High Court Division Bench set aside the conviction
3. The Division Bench of the High Court, vide the common impugned judgment and order dated 14th December, 2011, allowed the individual criminal appeals preferred by each of the accused respondents and set aside their conviction and sentences imposed by the trial Court and acquitted them of the charges by extending them the benefit of doubt on the ground of insufficiency of evidence and patent infirmities in the prosecution case.
Case of prosecution
Man missing case: 5. Succinctly stated, the case of the prosecution is that on 23rd January, 2006, Navneet Sharma (PW15)5 lodged a missing report at Police Station Mahamandir, Jodhpur at 12:40 P.M. alleging that his father Shri Suresh Sharma had gone missing. It was stated in the missing person report that Shri Suresh Sharma had some ongoing disputes with Vijay Punia and Gokalram pertaining to the lands situated in the village Nandri District, Jodhpur. On 21st January, 2006, a telephone call made by a property dealer was received on the landline number at the complainant’s residence at Luhar Colony, Paota, and the same was attended by Shri Suresh Sharma who conveyed to the caller that he would be visiting the subject site on the next day.
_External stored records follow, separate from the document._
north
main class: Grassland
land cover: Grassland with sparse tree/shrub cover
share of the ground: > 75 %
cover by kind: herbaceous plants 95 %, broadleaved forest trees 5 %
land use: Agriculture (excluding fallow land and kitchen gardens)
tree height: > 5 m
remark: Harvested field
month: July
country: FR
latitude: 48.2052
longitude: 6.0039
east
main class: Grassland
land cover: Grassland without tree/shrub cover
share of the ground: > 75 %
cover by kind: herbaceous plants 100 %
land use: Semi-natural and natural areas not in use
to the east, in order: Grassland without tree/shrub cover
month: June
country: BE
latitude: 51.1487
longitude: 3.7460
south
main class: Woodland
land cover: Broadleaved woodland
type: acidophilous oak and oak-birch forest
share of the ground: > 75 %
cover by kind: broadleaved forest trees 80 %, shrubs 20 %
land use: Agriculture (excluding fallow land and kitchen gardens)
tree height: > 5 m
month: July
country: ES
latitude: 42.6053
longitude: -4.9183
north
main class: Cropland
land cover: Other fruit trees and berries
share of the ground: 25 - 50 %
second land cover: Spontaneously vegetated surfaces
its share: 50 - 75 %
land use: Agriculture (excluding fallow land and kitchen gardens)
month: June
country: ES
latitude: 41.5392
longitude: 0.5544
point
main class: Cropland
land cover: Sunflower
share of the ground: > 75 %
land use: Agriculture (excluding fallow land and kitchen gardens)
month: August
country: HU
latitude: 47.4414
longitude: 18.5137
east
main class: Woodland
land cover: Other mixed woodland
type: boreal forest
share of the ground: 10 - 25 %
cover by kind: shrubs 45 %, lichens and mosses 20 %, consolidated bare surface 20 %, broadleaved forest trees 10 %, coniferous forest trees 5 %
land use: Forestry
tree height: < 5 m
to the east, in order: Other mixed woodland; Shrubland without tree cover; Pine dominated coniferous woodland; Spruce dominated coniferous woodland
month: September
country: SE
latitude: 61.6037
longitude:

On the following day, Shri Suresh Sharma left his house at about 6:00 P.M. to visit the agricultural fields located at the Village Banad, however, he did not return, and no information was forthcoming regarding his whereabouts. On the morning of 23rd January, 2006, the complainant-Navneet (PW-15) was informed by Dhanna Ram (PW-11) that while he was sitting at the shop of Ratanlal, he had seen Shri Suresh Sharma proceeding towards Banad. A missing person case was registered, and inquiry was assigned to Assistant Sub Inspector of Police.
Message received of a human body: 6. While the action upon the missing person report was being contemplated, a message was received at the Police Station Mahamandir, Jodhpur at about 12:50 P.M. regarding the discovery of a human dead body lying between villages Jajiwal Gahlotan and Jajiwal Bhatiyan.
Hands of the deceased were tied behind: 7. Upon receiving this information, the complainant-Navneet (PW-15) immediately rushed to the spot along with the police personnel and found the dead body of his father Shri Suresh Sharma lying on the ground. The police personnel from the Police Station Dangiawas were present at the spot in advance. The complainant-Navneet (PW15) noticed that the hands of the deceased-Shri Suresh had been tied behind his back with an iron wire, and his legs had been fastened with help of a piece of cloth. One shoe was missing and there were visible signs of efforts made to efface the identity by crushing the face. The neck was inflamed with red marks.
FIR registered: 8. Pursuant to recovery of the dead body, FIR No. 7 of 2006 came to be registered at the Police Station Dangiyawas at the instance of the complainantNavneet (PW-15) for the offences punishable under Sections 302 and 201 IPC. The usual course of investigation was undertaken. The dead body was subjected to inquest proceedings and subsequently forwarded to the hospital for postmortem examination.
Post-mortem injuries (20) and strangulation: 9. The Medical Board, comprising Dr. V.K. Malhotra (PW-23), Dr. Yogiraj and Dr. Rajesh Vyas, conducted autopsy on the body of the deceased-Shri Suresh and issued the postmortem report (Exh. P35) taking note of about 20 injuries on the dead body, and the cause of death was opined to be antemortem strangulation.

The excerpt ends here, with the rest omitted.